Nam Jun-mo
Biostatistics Branch, Division of Cancer Epidemiology and Genetics, National Cancer Institute, National Institutes of Health, Department of Health & Human Services, Executive Plaza South, Rockville, MD 20892-7240, USA.
Stat Med. 2006 May 15;25(9):1521-31. doi: 10.1002/sim.2321.

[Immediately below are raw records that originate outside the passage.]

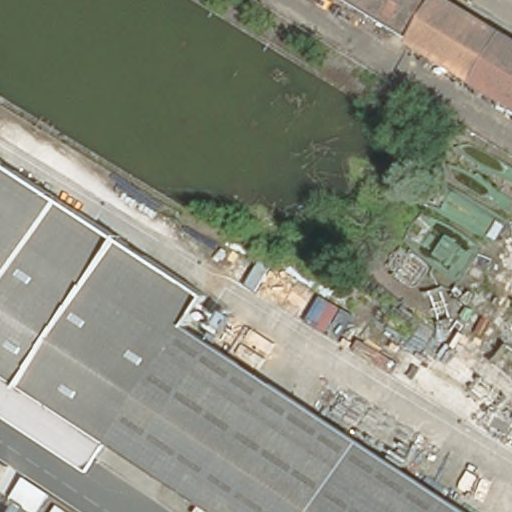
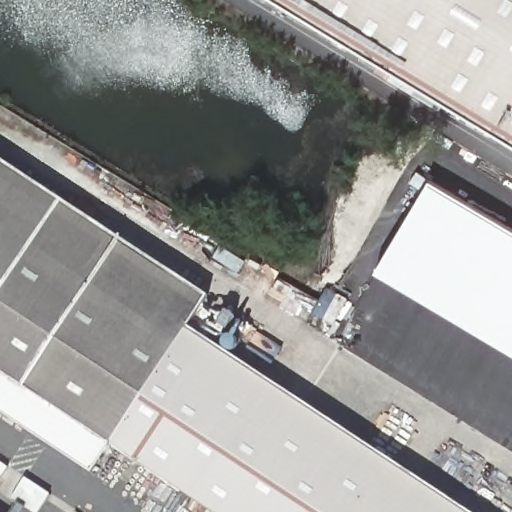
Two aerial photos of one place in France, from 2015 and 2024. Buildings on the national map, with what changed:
new [(287,0),(512,0),(512,138),(287,0)]
demolished [(444,0),(462,10),(512,40),(512,103),(492,91),(423,49),(426,46),(348,0),(444,0)]
unchanged [(127,284),(112,304),(427,512),(218,512),(110,440),(0,368),(0,157),(147,253),(127,284)]
new [(375,269),(431,179),(512,228),(512,351),(375,269)]
new [(209,296),(189,325),(127,284),(147,253),(209,296)]
unchanged [(473,512),(427,512),(112,304),(127,284),(473,512)]
new [(89,471),(0,412),(0,368),(110,440),(89,471)]
new [(0,479),(0,463),(7,467),(0,479)]

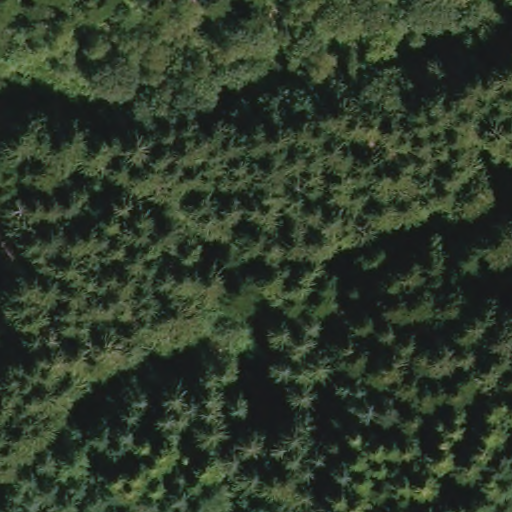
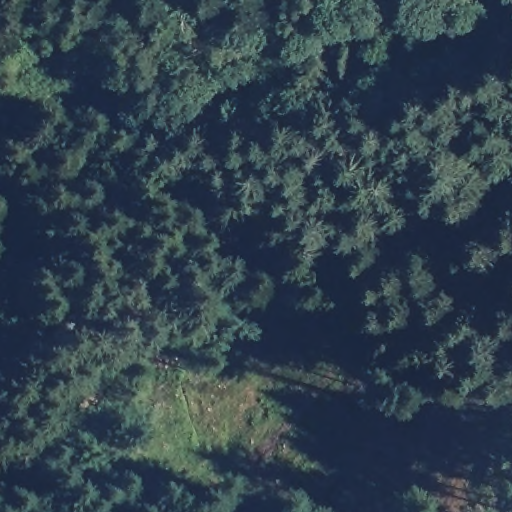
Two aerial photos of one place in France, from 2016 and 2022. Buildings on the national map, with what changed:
[]

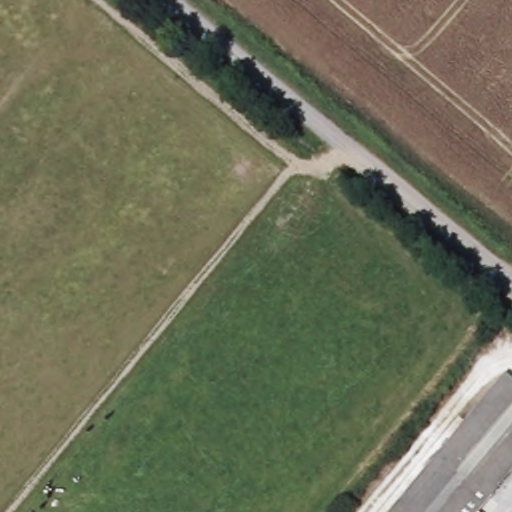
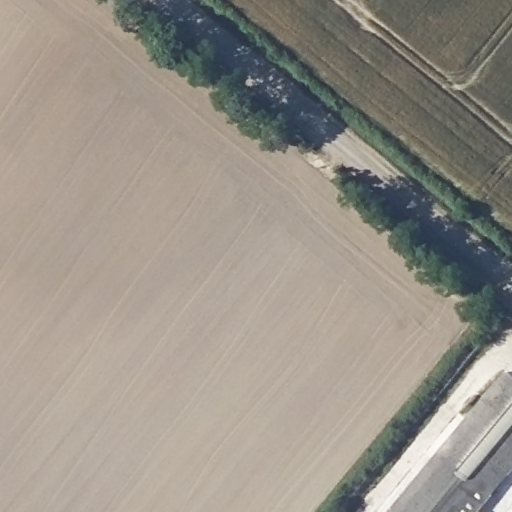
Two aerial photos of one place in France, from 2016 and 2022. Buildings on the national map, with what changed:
unchanged [(512,372),(512,468),(475,512),(394,512),(512,372)]

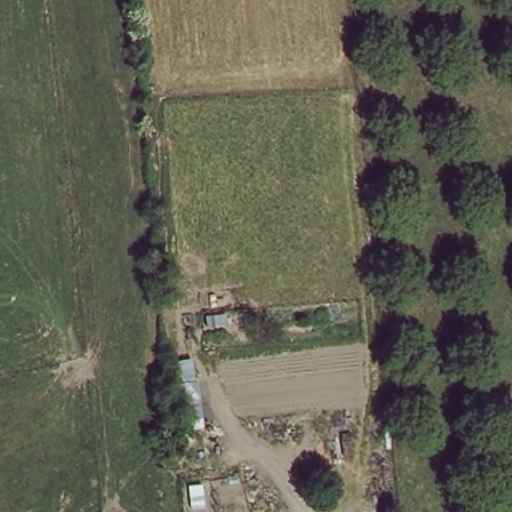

In this paper, we assess the performance of homogeneity tests for two or more kappa statistics when prevalence rates across reliability studies are assumed to be equal. The likelihood score method and the chi-square goodness-of-fit (GOF) test provide type 1 error rates that are satisfactorily close to the nominal level, but a Fleiss-like test is not satisfactory for small or moderate sample sizes. Simulations show that the score test is more powerful than the chi-square GOF test and the approximate sample size required for a specific power of the former is substantially smaller than the latter. In addition, the score test is robust to deviations from the equal prevalence assumption, while the GOF test is highly sensitive and it may give a grossly misleading type 1 error rate when the assumption of equal prevalence is violated. We conclude that the homogeneity score test is the preferred method.
在本文中,我们评估了在假设可靠性研究中的患病率相等的情况下,针对两个或更多kappa统计量的同质性检验的性能。似然比分法和卡方拟合优度(GOF)检验所提供的一类错误率令人满意地接近名义水平,但对于小样本或中等样本量,类似Fleiss检验的方法并不令人满意。模拟表明,比分检验比卡方GOF检验更具功效,并且对于前者达到特定功效所需的近似样本量远小于后者。此外,比分检验对于患病率相等假设的偏差具有稳健性,而GOF检验高度敏感,当违反患病率相等的假设时,它可能给出极具误导性的一类错误率。我们得出结论,同质性比分检验是首选方法。